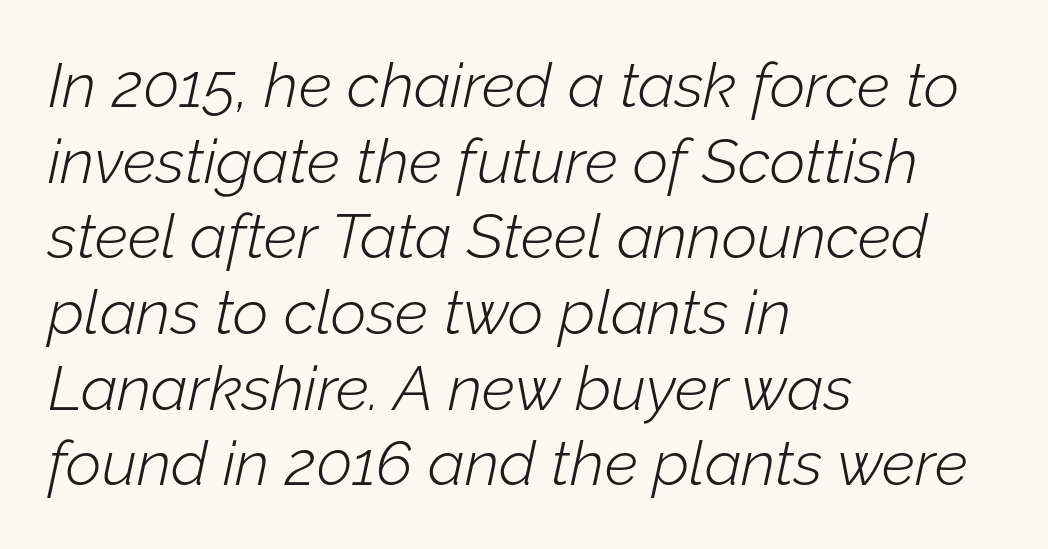
{"italic": "yes", "lean": "right", "slant_degrees": 12, "bold": "no", "weight": "light", "width": "normal", "stroke_contrast": "low", "x_height": "medium", "monospaced": "no", "underline": "no", "align": "left", "line_spacing_ratio": 1.22, "letter_spacing": "normal", "letter_spacing_em": 0.0, "glyph_px": 62}
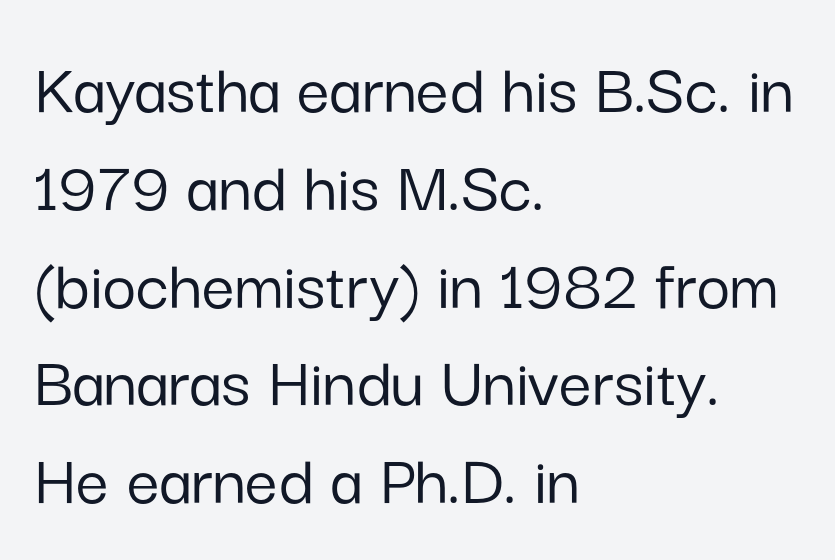
The image shows 73 px sans-serif type, upright; set left-aligned, normal line spacing (1.34x), normal letter spacing, not underlined; low stroke contrast and a medium x-height.
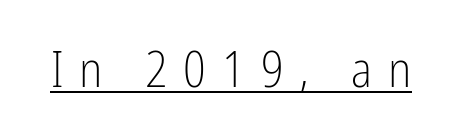
Q: Is the text bold? A: No.
Q: Is the text italic (slanted)? A: No, it is upright.
Q: Is the typeface a serif or a sans-serif typeface? A: Sans-serif.
Q: Is the text underlined? A: Yes.
Q: Is the spacing between letters normal or unusually wide? A: Unusually wide.
Q: Width (condensed, normal, or wide)? A: Condensed.
Q: Stroke contrast? A: Low.
Q: x-height? A: Medium.
Q: Monospaced? A: No.
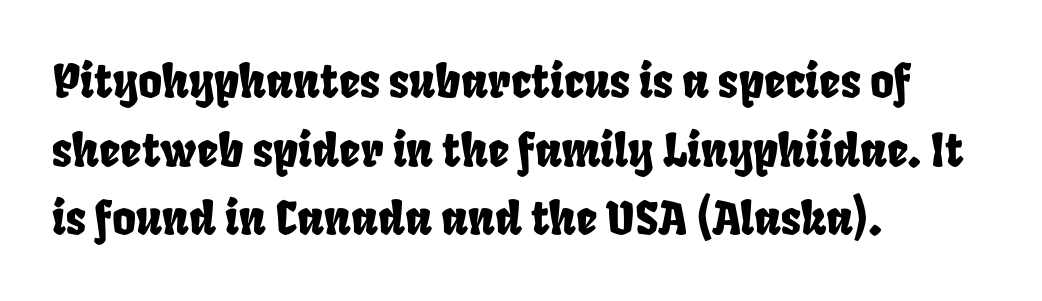
The image shows 46 px condensed type; set left-aligned, normal line spacing (1.49x), normal letter spacing, not underlined; low stroke contrast and a large x-height.
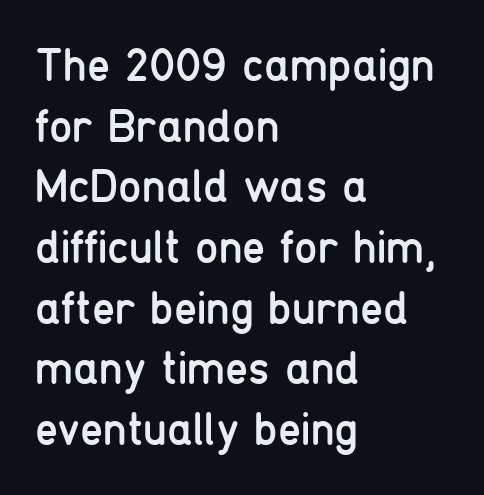
{"serif": "no", "italic": "no", "bold": "no", "weight": "regular", "width": "condensed", "stroke_contrast": "low", "x_height": "medium", "monospaced": "no", "underline": "no", "align": "left", "line_spacing": "normal", "line_spacing_ratio": 1.29, "letter_spacing": "normal", "letter_spacing_em": 0.0, "glyph_px": 47}
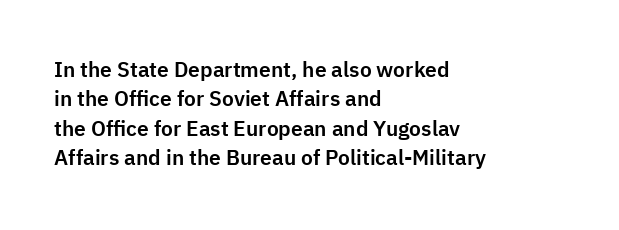
If you drew a ruler down the left edge, every line would touch it. The foot of each line stays bare and open. What's the leading like? Ordinary, nothing unusual. The axis of the letterforms is exactly vertical. Observe the ordinary spacing: letters are neighbours, not strangers.
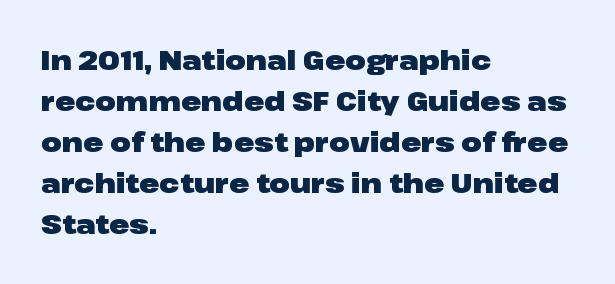
Q: Is the text bold? A: Yes.
Q: Is the text italic (slanted)? A: No, it is upright.
Q: Is the text underlined? A: No.
Q: How is the paragraph aligned? A: Left-aligned.
Q: Is the spacing between letters normal or unusually wide? A: Normal.
Q: Is the spacing between lines tight, normal or loose? A: Normal.
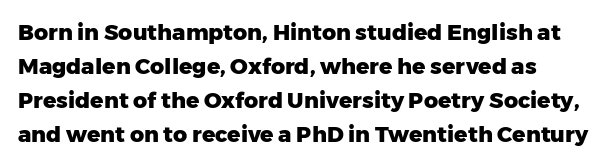
Underlining? Definitely not there. The vertical gap from one line to the next is medium. Glyph-to-glyph distance matches everyday printed text. Italic? Not at all — the glyphs are vertical. Weight check: bold — yes, fully.
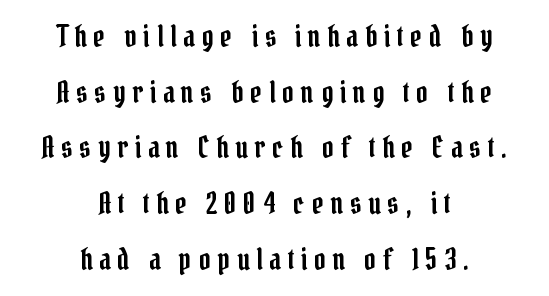
{"serif": "yes", "italic": "no", "width": "condensed", "stroke_contrast": "low", "x_height": "medium", "monospaced": "no", "underline": "no", "align": "center", "line_spacing": "loose", "line_spacing_ratio": 1.92, "letter_spacing": "wide", "letter_spacing_em": 0.23, "glyph_px": 29}
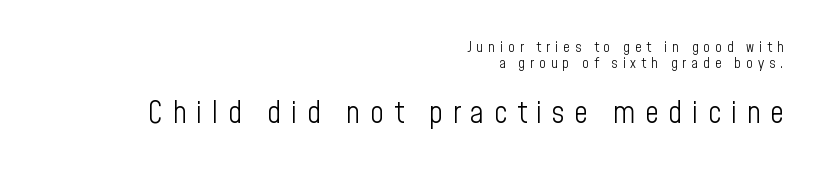
Between these two stacked blocks, the lower one wins on size. Here the glyphs are tracked loosely, breaking word shapes into spaced letters. Unbolded letterforms with no extra heft. A typesetter would call this proportional, since set widths differ per character. Serifs: no, the terminals of the letterforms are clean. Successive baselines arrive quickly, one right under another.
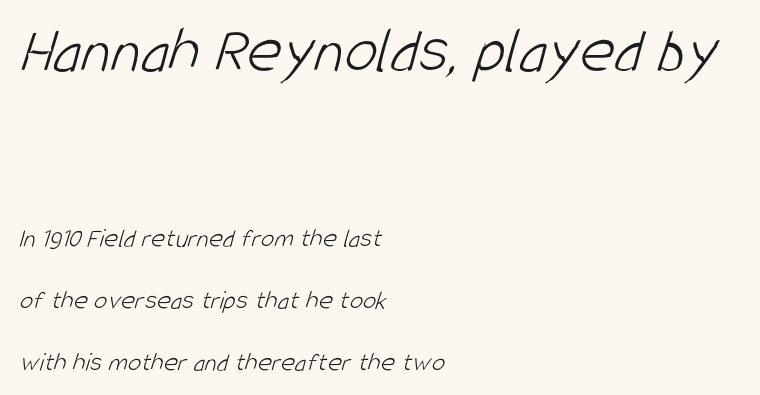
Left-aligned paragraph, ragged on the right. A typesetter would call this leading open, well beyond the default. You could not count columns in this text — the font is proportionally spaced. Each row of text sits above clean, open space. I'd call this a sans setting — the letters go barefoot.
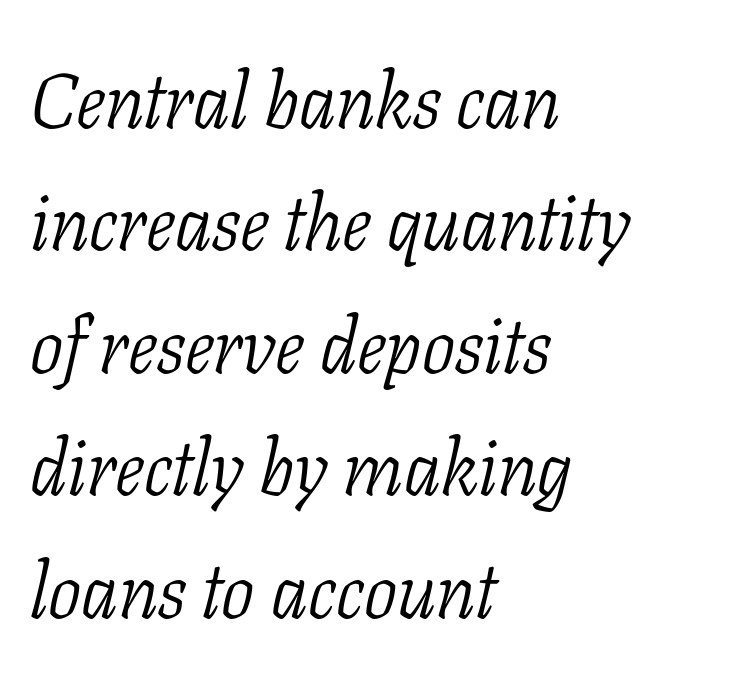
The image shows 78 px light, condensed serif type, italic (leaning right); set left-aligned, normal line spacing (1.57x), normal letter spacing, not underlined; low stroke contrast and a medium x-height.
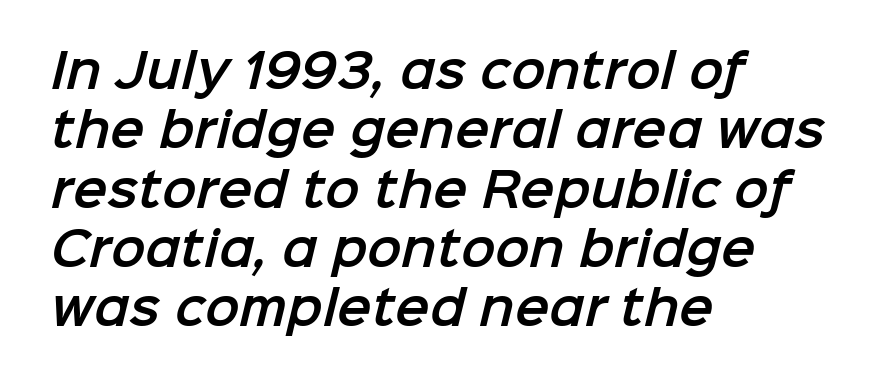
{"serif": "no", "width": "normal", "stroke_contrast": "low", "x_height": "medium", "monospaced": "no", "underline": "no", "align": "left", "line_spacing": "normal", "line_spacing_ratio": 1.29, "letter_spacing": "normal", "letter_spacing_em": 0.0, "glyph_px": 46}

# # # # #

**Work instruction**
Reproduce the complete set of records verbatim and omit the pictures.

**Result of the task**
{"italic": "yes", "lean": "right", "slant_degrees": 12, "bold": "no", "weight": "light", "width": "normal", "stroke_contrast": "low", "x_height": "medium", "monospaced": "no", "underline": "no", "align": "left", "line_spacing_ratio": 1.22, "letter_spacing": "normal", "letter_spacing_em": 0.0, "glyph_px": 62}
The image shows 73 px sans-serif type, upright; set left-aligned, normal line spacing (1.34x), normal letter spacing, not underlined; low stroke contrast and a medium x-height.
Q: Is the text bold? A: No.
Q: Is the text italic (slanted)? A: No, it is upright.
Q: Is the typeface a serif or a sans-serif typeface? A: Sans-serif.
Q: Is the text underlined? A: Yes.
Q: Is the spacing between letters normal or unusually wide? A: Unusually wide.
Q: Width (condensed, normal, or wide)? A: Condensed.
Q: Stroke contrast? A: Low.
Q: x-height? A: Medium.
Q: Monospaced? A: No.
The image shows 46 px condensed type; set left-aligned, normal line spacing (1.49x), normal letter spacing, not underlined; low stroke contrast and a large x-height.
{"serif": "no", "italic": "no", "bold": "no", "weight": "regular", "width": "condensed", "stroke_contrast": "low", "x_height": "medium", "monospaced": "no", "underline": "no", "align": "left", "line_spacing": "normal", "line_spacing_ratio": 1.29, "letter_spacing": "normal", "letter_spacing_em": 0.0, "glyph_px": 47}
If you drew a ruler down the left edge, every line would touch it. The foot of each line stays bare and open. What's the leading like? Ordinary, nothing unusual. The axis of the letterforms is exactly vertical. Observe the ordinary spacing: letters are neighbours, not strangers.
Q: Is the text bold? A: Yes.
Q: Is the text italic (slanted)? A: No, it is upright.
Q: Is the text underlined? A: No.
Q: How is the paragraph aligned? A: Left-aligned.
Q: Is the spacing between letters normal or unusually wide? A: Normal.
Q: Is the spacing between lines tight, normal or loose? A: Normal.
Underlining? Definitely not there. The vertical gap from one line to the next is medium. Glyph-to-glyph distance matches everyday printed text. Italic? Not at all — the glyphs are vertical. Weight check: bold — yes, fully.
{"serif": "yes", "italic": "no", "width": "condensed", "stroke_contrast": "low", "x_height": "medium", "monospaced": "no", "underline": "no", "align": "center", "line_spacing": "loose", "line_spacing_ratio": 1.92, "letter_spacing": "wide", "letter_spacing_em": 0.23, "glyph_px": 29}
Between these two stacked blocks, the lower one wins on size. Here the glyphs are tracked loosely, breaking word shapes into spaced letters. Unbolded letterforms with no extra heft. A typesetter would call this proportional, since set widths differ per character. Serifs: no, the terminals of the letterforms are clean. Successive baselines arrive quickly, one right under another.
Left-aligned paragraph, ragged on the right. A typesetter would call this leading open, well beyond the default. You could not count columns in this text — the font is proportionally spaced. Each row of text sits above clean, open space. I'd call this a sans setting — the letters go barefoot.
The image shows 78 px light, condensed serif type, italic (leaning right); set left-aligned, normal line spacing (1.57x), normal letter spacing, not underlined; low stroke contrast and a medium x-height.
{"serif": "no", "width": "normal", "stroke_contrast": "low", "x_height": "medium", "monospaced": "no", "underline": "no", "align": "left", "line_spacing": "normal", "line_spacing_ratio": 1.29, "letter_spacing": "normal", "letter_spacing_em": 0.0, "glyph_px": 46}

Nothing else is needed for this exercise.